* [Required action] Pull out every line from the listing that has the word "condensed".

+--

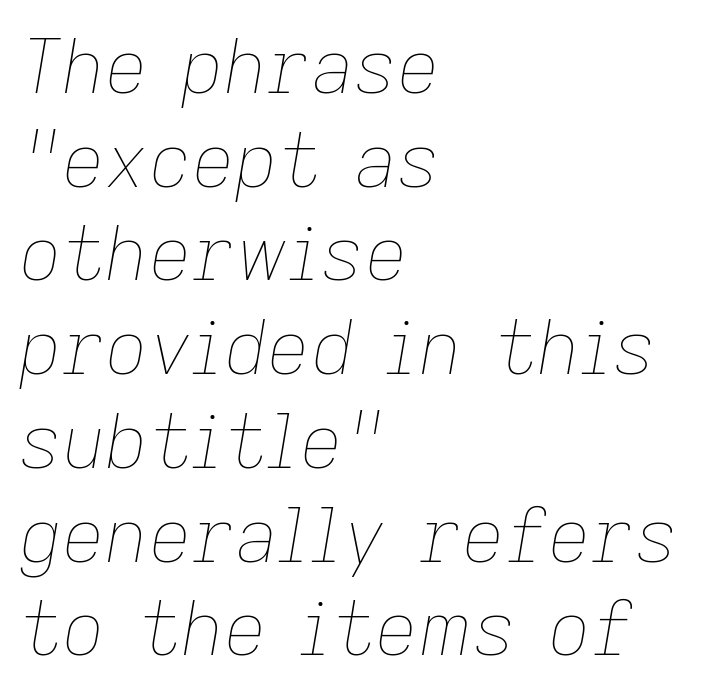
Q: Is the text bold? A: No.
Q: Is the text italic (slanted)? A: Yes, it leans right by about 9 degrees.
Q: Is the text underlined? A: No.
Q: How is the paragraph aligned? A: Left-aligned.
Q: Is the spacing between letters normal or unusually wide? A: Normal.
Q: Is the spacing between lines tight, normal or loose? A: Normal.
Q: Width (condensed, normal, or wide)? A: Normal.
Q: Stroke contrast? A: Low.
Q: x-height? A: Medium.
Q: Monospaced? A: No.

+--

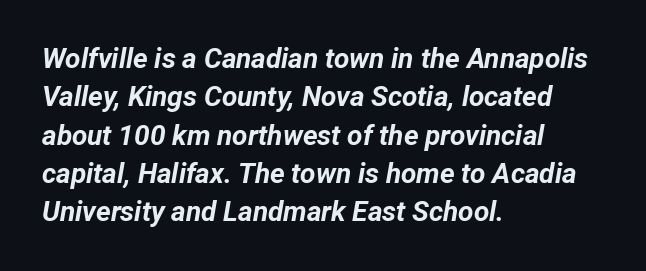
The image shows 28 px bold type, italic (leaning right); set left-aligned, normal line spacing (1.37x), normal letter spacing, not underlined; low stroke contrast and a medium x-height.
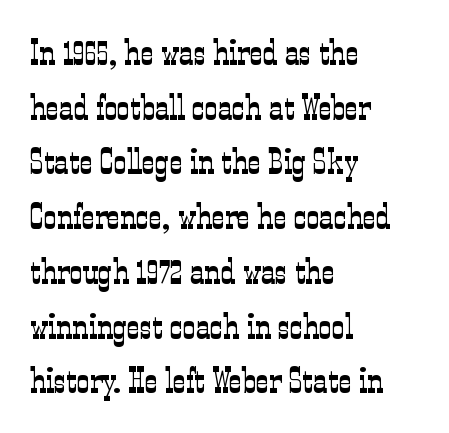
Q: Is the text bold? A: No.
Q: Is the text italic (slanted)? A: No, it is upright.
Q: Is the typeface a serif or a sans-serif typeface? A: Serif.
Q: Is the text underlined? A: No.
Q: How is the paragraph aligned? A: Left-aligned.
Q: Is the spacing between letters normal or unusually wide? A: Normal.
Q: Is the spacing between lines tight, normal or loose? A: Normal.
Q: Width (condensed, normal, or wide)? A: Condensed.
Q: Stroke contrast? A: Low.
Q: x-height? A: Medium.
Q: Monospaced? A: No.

+--

* [Completed task]
Q: Width (condensed, normal, or wide)? A: Normal.
Q: Width (condensed, normal, or wide)? A: Condensed.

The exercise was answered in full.